La diversificazione locale: le multinazionali devono affrontare il problema della diversificazione locale, una volta che decidono di entrare in un mercato straniero, che coinvolge diversi fattori:
le preferenze dei consumatori;
leggi e regolamenti: sono di ostacolo alla globalizzazione, da parte del governo, in materia di caratteristiche di prodotto ma anche del modo di condurre l’impresa.
canali di distribuzione: differenze nelle modalità di distribuzione.
la presenza di paesi leader: ci sono paesi che più di altri accettano l’innovazione e sofisticazione, v giappone per i prodotti di consumo, usa per il fast food. È anche un indizio, per incoraggiare prima a entrare nel mercato principale, poi in quello globale.
dimensione culturale: gestione delle differenze culturali, ci si può trovare di fronte a una dimensione individualista/collettivista (USA, GB) o egualitaria/gerarchica.
6. storia delle multinazionali.
3 fasi:
- prima della prima guerra mondiale: federazioni multinazionali (ogni filiale nazionale godeva di indipendenza, a livello decisionale e operatività, anche se c’era una forte delega tra casa madre e filiali);
- dopo la seconda guerra mondiale: era delle multinazionali americane (Ford, IBM, Coca-Cola, erano leader incontrastati nel settore)
- anni ’70-’80: sfida giapponese (aveva unità nazionali fortemente accentrate, per questo era temuta).
Modello transnazionale: sistema per conciliare i vantaggi dell’integrazione globale con quelli della differenziazione locale. Costituisce una rete integrata di risorse e competenze diffuse ma interdipendenti.
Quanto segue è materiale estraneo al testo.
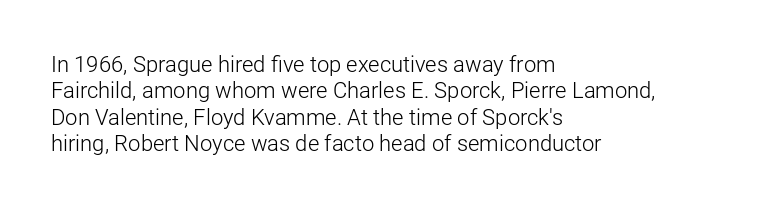
The image shows 22 px text type, upright; set left-aligned, line spacing 1.2x, normal letter spacing, not underlined.
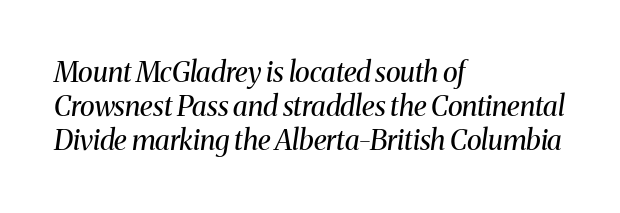
{"serif": "yes", "italic": "yes", "lean": "right", "slant_degrees": 8, "bold": "no", "weight": "regular", "width": "normal", "stroke_contrast": "medium", "x_height": "medium", "monospaced": "no", "underline": "no", "align": "left", "line_spacing_ratio": 1.22, "letter_spacing": "normal", "letter_spacing_em": 0.0, "glyph_px": 28}
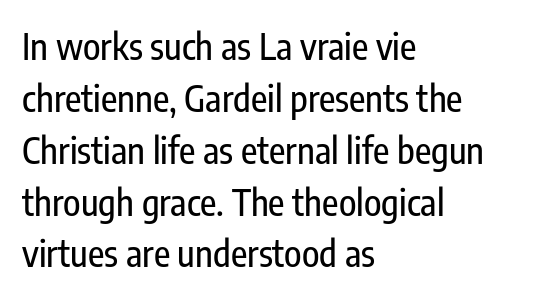
{"serif": "no", "italic": "no", "width": "condensed", "stroke_contrast": "low", "x_height": "medium", "monospaced": "no", "underline": "no", "align": "left", "line_spacing": "normal", "line_spacing_ratio": 1.44, "letter_spacing": "normal", "letter_spacing_em": 0.0, "glyph_px": 36}
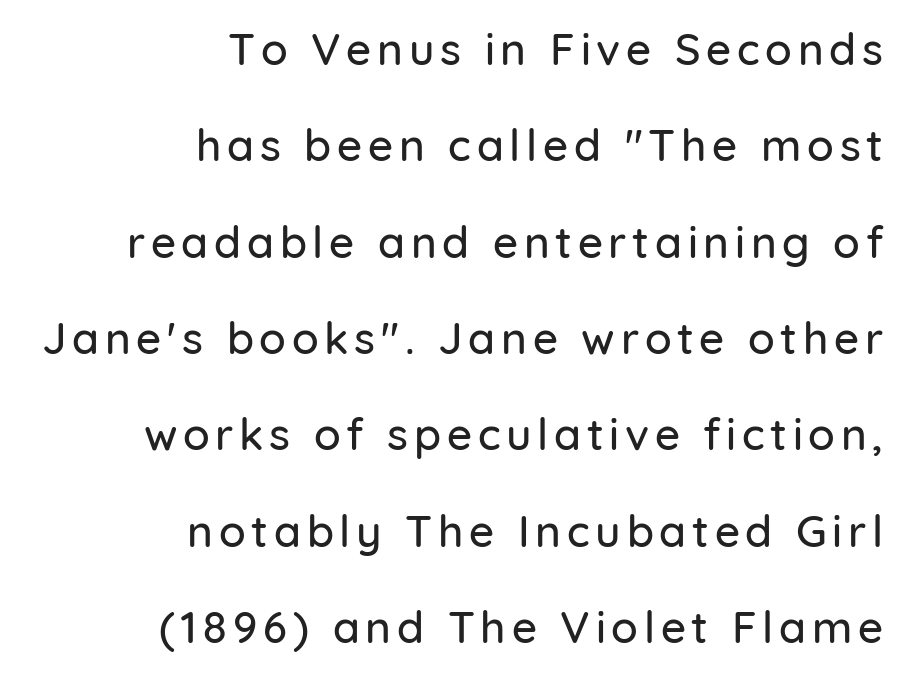
The image shows 44 px sans-serif type, upright; set right-aligned, loose line spacing (2.19x), not underlined; low stroke contrast and a medium x-height.
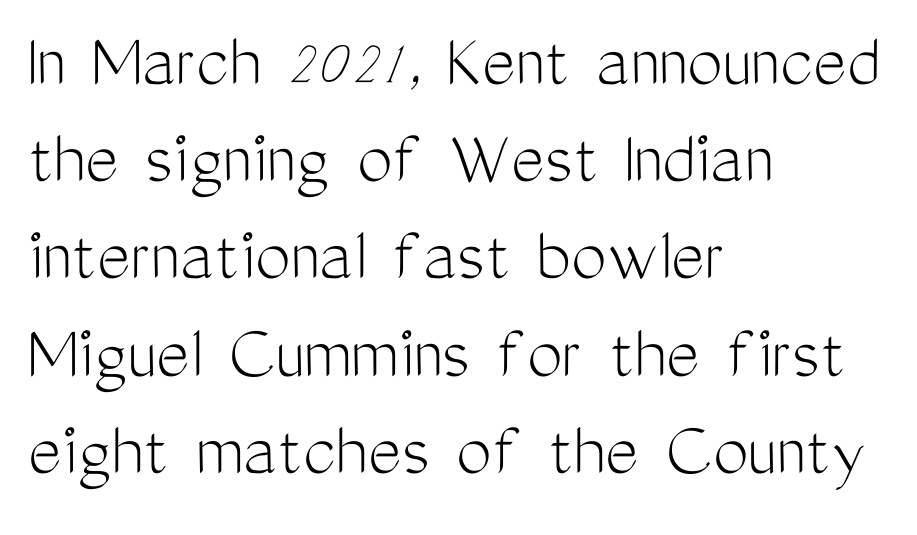
You could call the tracking neutral — neither tight nor loose. On a weight scale, this lands at 450 or below. If you drew a line through each stem, it would be perfectly vertical. You could not count columns in this text — the font is proportionally spaced.
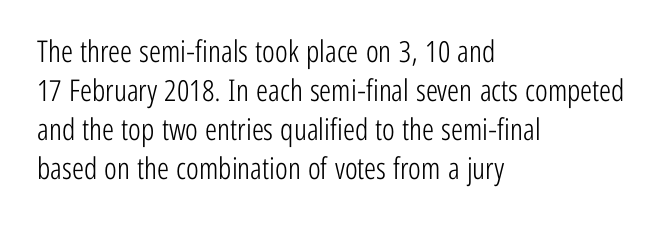
Letters rest on an invisible, unmarked baseline. The lettering stays uniformly vertical, giving the passage a roman look. Regular leading. One-word summary of the alignment: left. The face used here is proportionally spaced, like ordinary book or web type. Letters have the restrained weight of plain body copy at most.

Caratteristiche:
ogni nazione è fonte di idee che possono essere messe a frutto dall’organizzazione;
le unità nazionali realizzano economie di scala a livello globale producendo per l’impresa particolari prodotti;
il centro deve avere un nuovo ruolo di coordinamento delle relazioni fra le varie unità nazionale e svolgerlo in maniera flessibile.
Infine, per bilanciare l’integrazione locale e la diversificazione globale, l’impresa deve adattarsi ai diversi requisiti di prodotti, funzioni e paesi diversi (per es Procter & Gamble: ha standardizzato globalmente prodotti come le Pringles, e differenziato localmente detersivi per il bucato o coloranti per capelli).